Clinical and genetic heterogeneity of Charcot-Marie-Tooth disease.

作者信息

Hentati A, Lamy C, Melki J, Zuber M, Munnich A, de Recondo J

机构信息

Unité de Recherches sur les Handicaps Génétiques de l'Enfant INSERM U-12, Hôpital des Enfants-Malades, Paris, France.

出版信息

Genomics. 1992 Jan;12(1):155-7. doi: 10.1016/0888-7543(92)90419-s.

Abstract

The autosomal dominant forms of hereditary motor and sensory neuropathies include the hypertrophic form (CMT1) and the neuronal form of Charcot-Marie-Tooth disease (CMT2). While at least two distinct loci have been shown to be linked to the CMT1 phenotype (CMT1A and CMT1B, on chromosomes 17 and 1, respectively), whether the CMT2 phenotype results from mutations allelic to either of the CMT1 genes remains unknown. Studying one CMT1 and two CMT2 pedigrees, we were able to exclude the CMT2 disease locus from the region of chromosome 17 (Z = -2.80 at theta = 0.05 for D17S58) where the CMT1A gene maps (Z = +3.67 at theta = 0.00).
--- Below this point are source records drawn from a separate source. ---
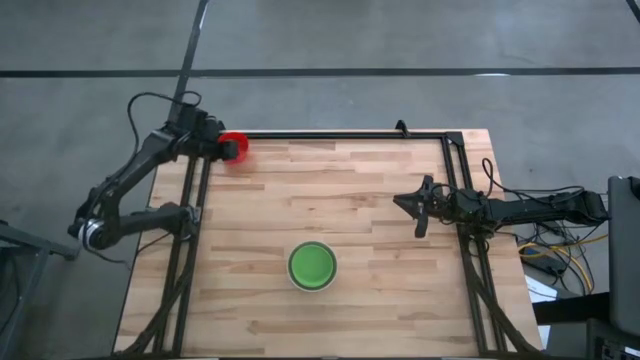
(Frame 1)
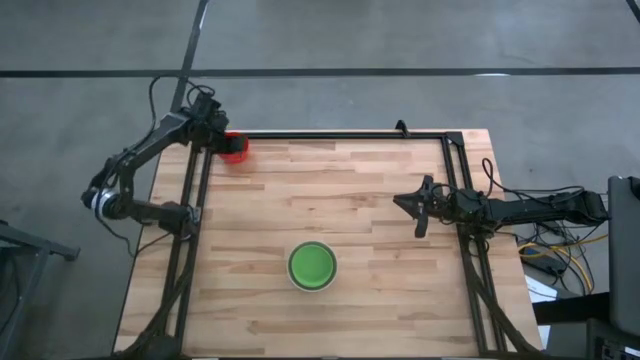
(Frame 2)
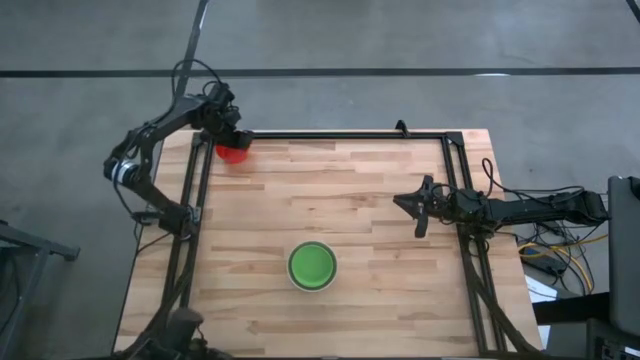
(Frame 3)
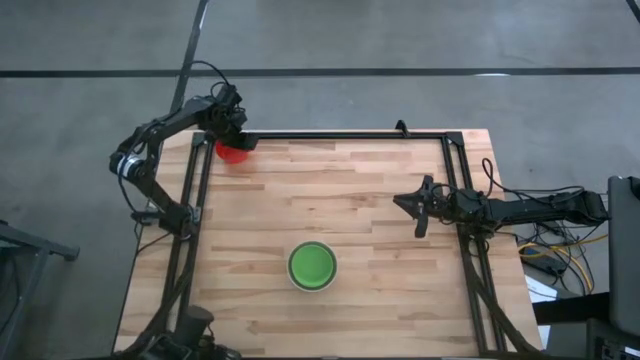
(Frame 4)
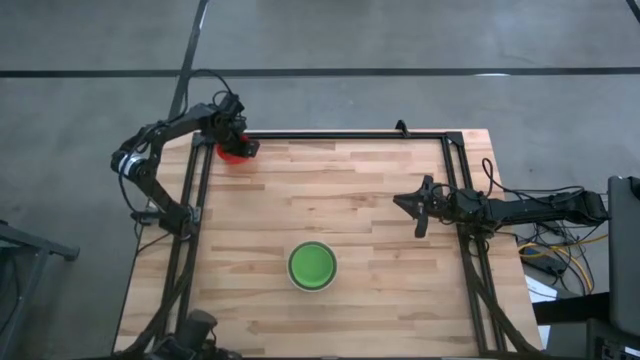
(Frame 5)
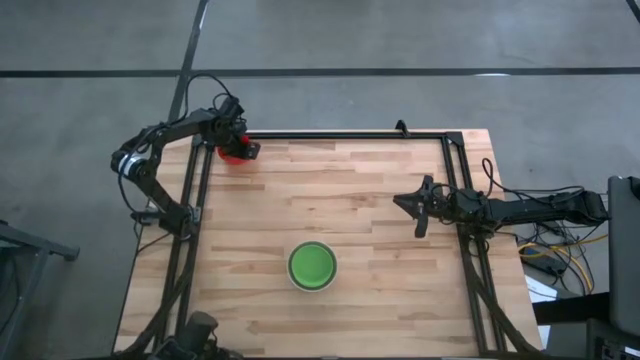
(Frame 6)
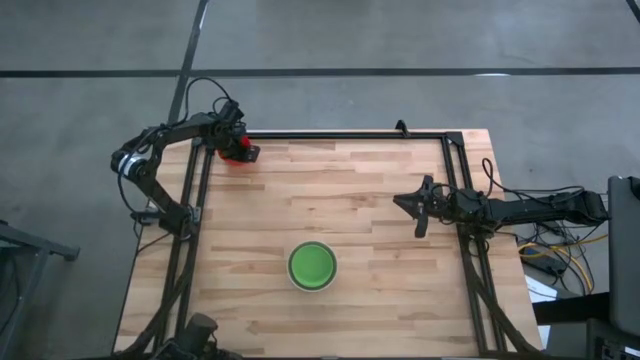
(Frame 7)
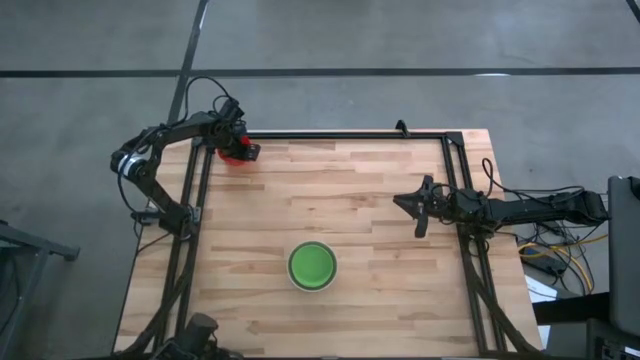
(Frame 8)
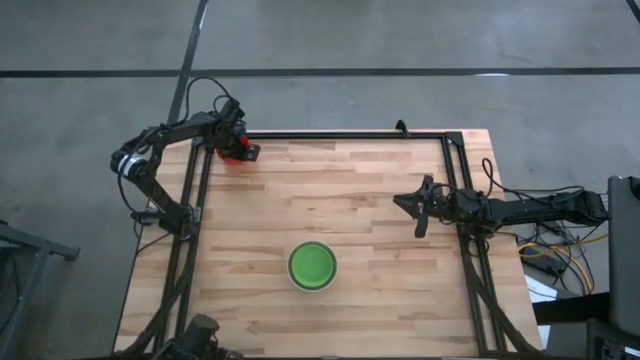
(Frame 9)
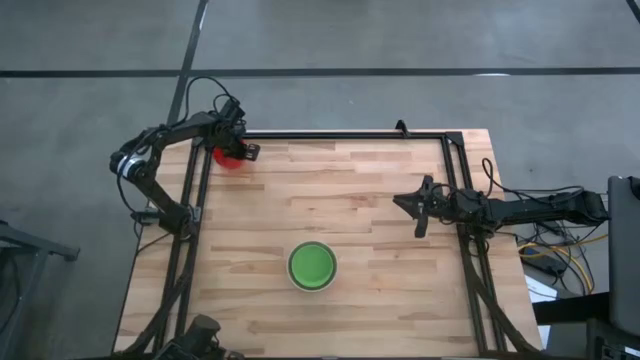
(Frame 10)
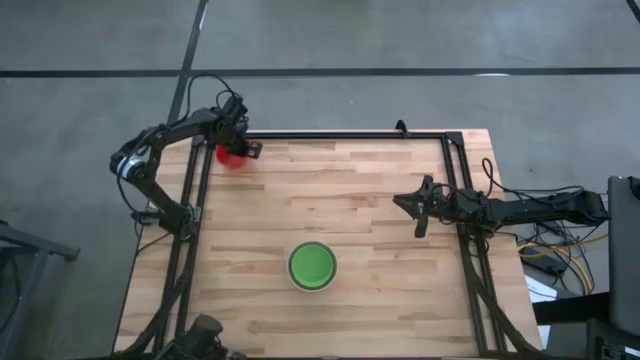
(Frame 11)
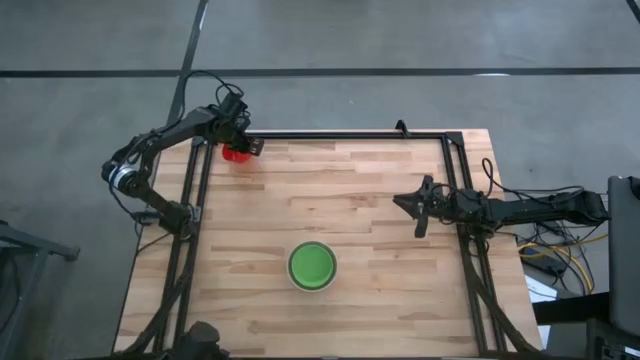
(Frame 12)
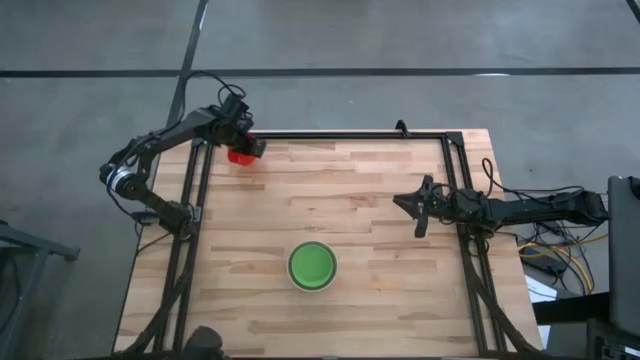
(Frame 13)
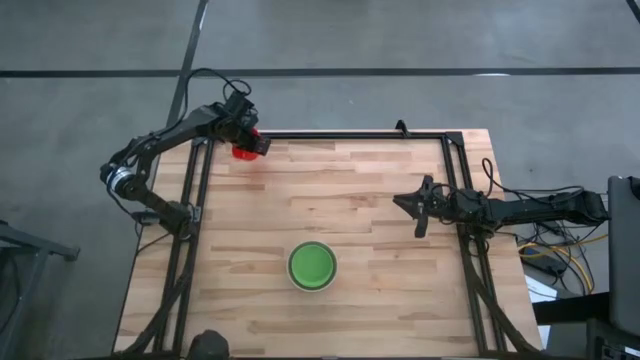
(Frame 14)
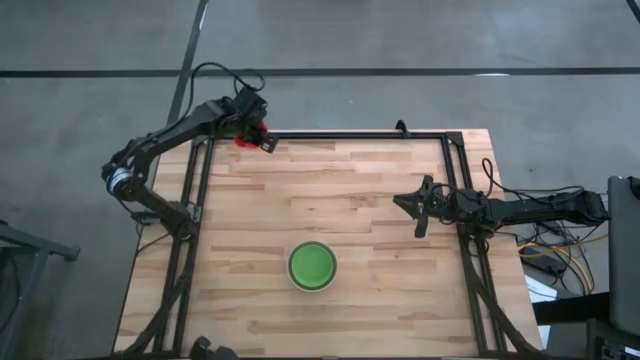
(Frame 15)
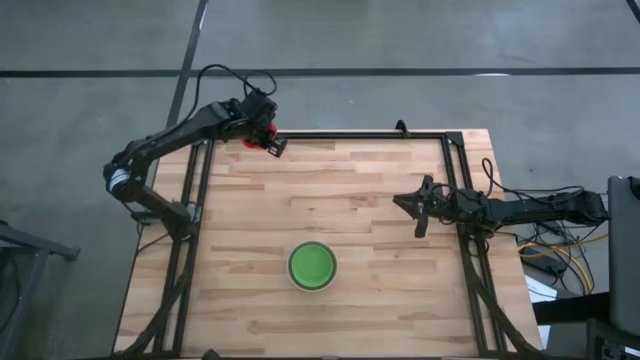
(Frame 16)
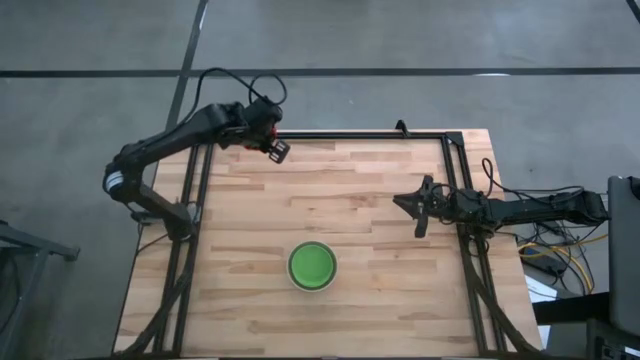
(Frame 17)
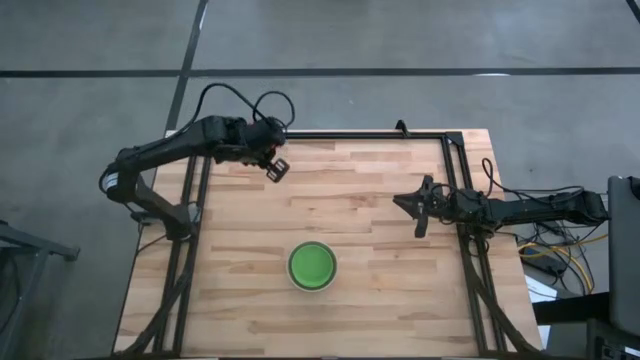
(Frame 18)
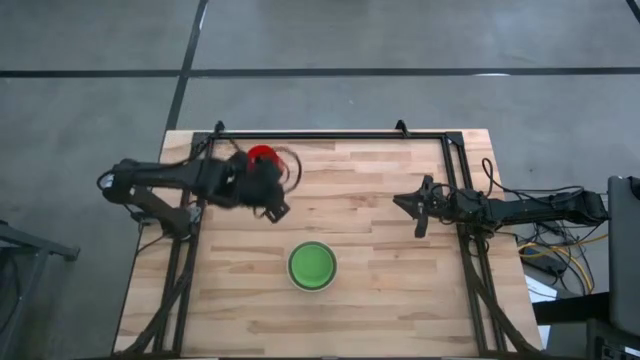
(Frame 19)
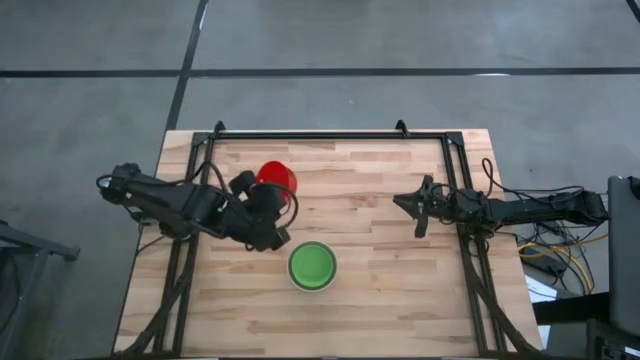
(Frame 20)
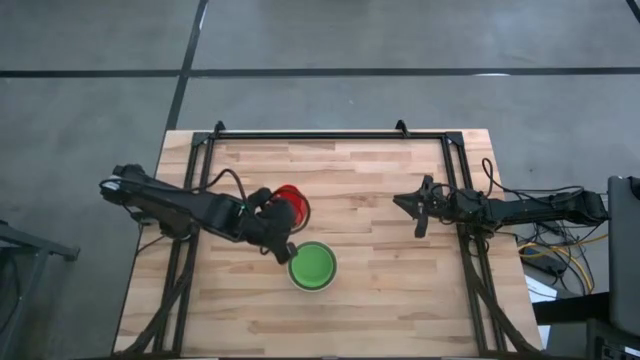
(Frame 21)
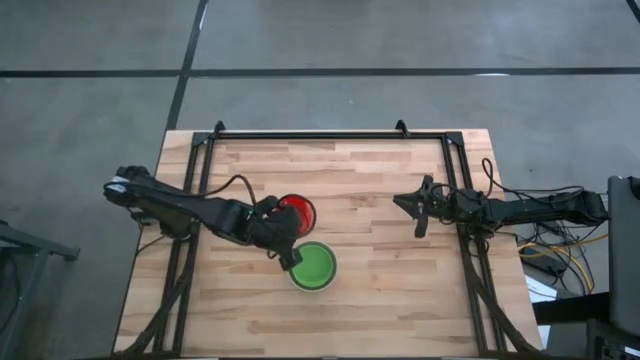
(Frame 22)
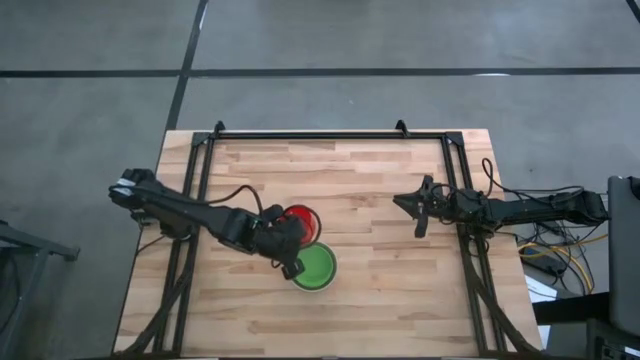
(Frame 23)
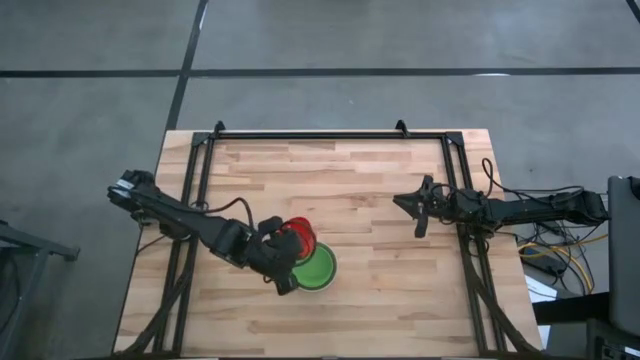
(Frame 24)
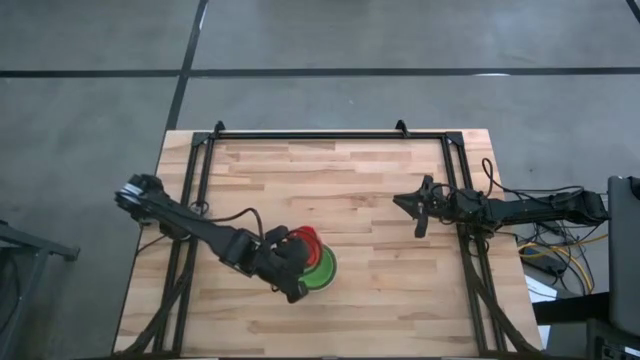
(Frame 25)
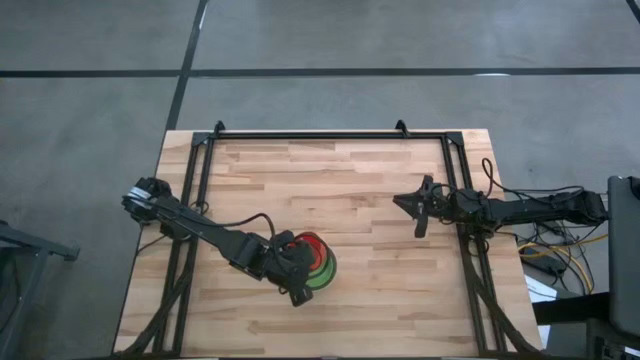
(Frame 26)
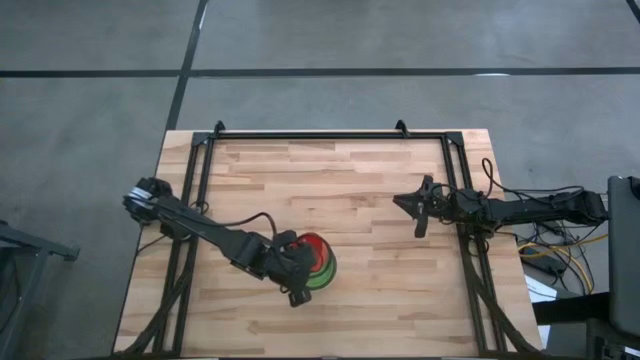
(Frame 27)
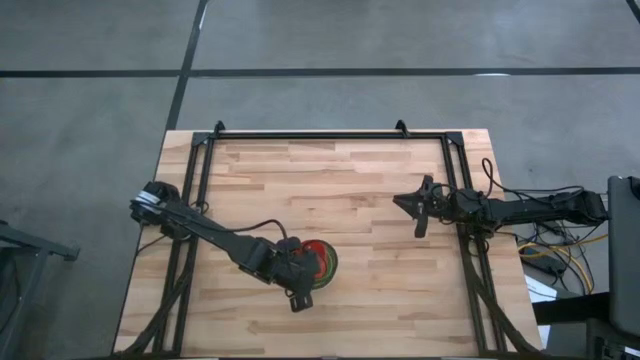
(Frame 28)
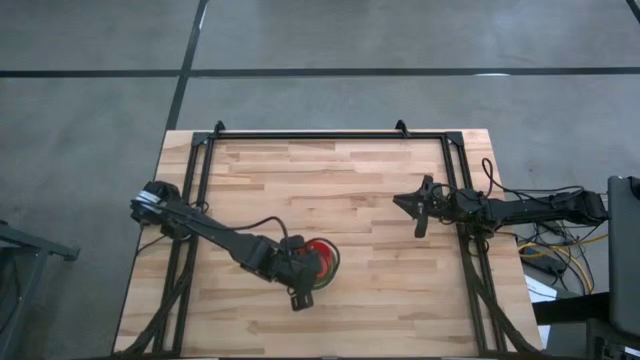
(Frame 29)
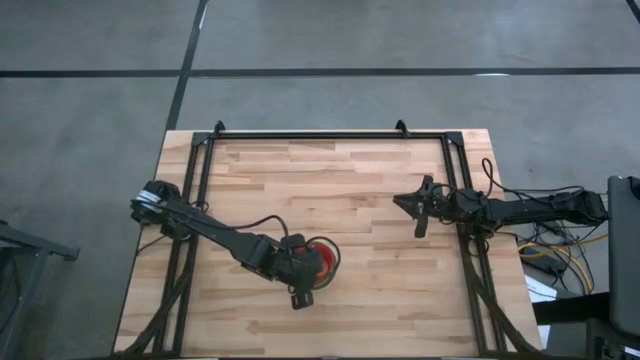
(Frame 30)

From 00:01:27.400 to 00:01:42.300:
Stack the red bowl on the green bowl

Similarly, negative lod score values were obtained in CMT2 for the region of chromosome 1 where the CMT1B gene has been located (Z = -3.09 at theta = 0.05 for D1S61). The present study therefore provides evidence for genetic heterogeneity between the hypertrophic and the neuronal forms of Charcot-Marie-Tooth disease and demonstrates that the CMT2 gene is not allelic to either of the CMT1 genes mapped to date.

摘要

遗传性运动和感觉神经病的常染色体显性遗传形式包括肥厚型(CMT1)和夏科-马里-图思病的神经元型(CMT2)。虽然至少有两个不同的基因座已被证明与CMT1表型相关(CMT1A和CMT1B,分别位于17号和1号染色体上),但CMT2表型是否由CMT1基因之一的等位基因突变引起仍不清楚。通过研究一个CMT1和两个CMT2家系,我们能够将CMT2疾病基因座排除在17号染色体区域(对于D17S58,在θ=0.05时Z=-2.80),而CMT1A基因定位于该区域(在θ=0.00时Z=+3.67)。同样,在CMT2中,对于CMT1B基因所在的1号染色体区域,获得了负对数优势分值(对于D1S61,在θ=0.05时Z=-3.09)。因此,本研究为夏科-马里-图思病的肥厚型和神经元型之间的遗传异质性提供了证据,并证明CMT2基因与迄今已定位的任何一个CMT1基因都不是等位基因。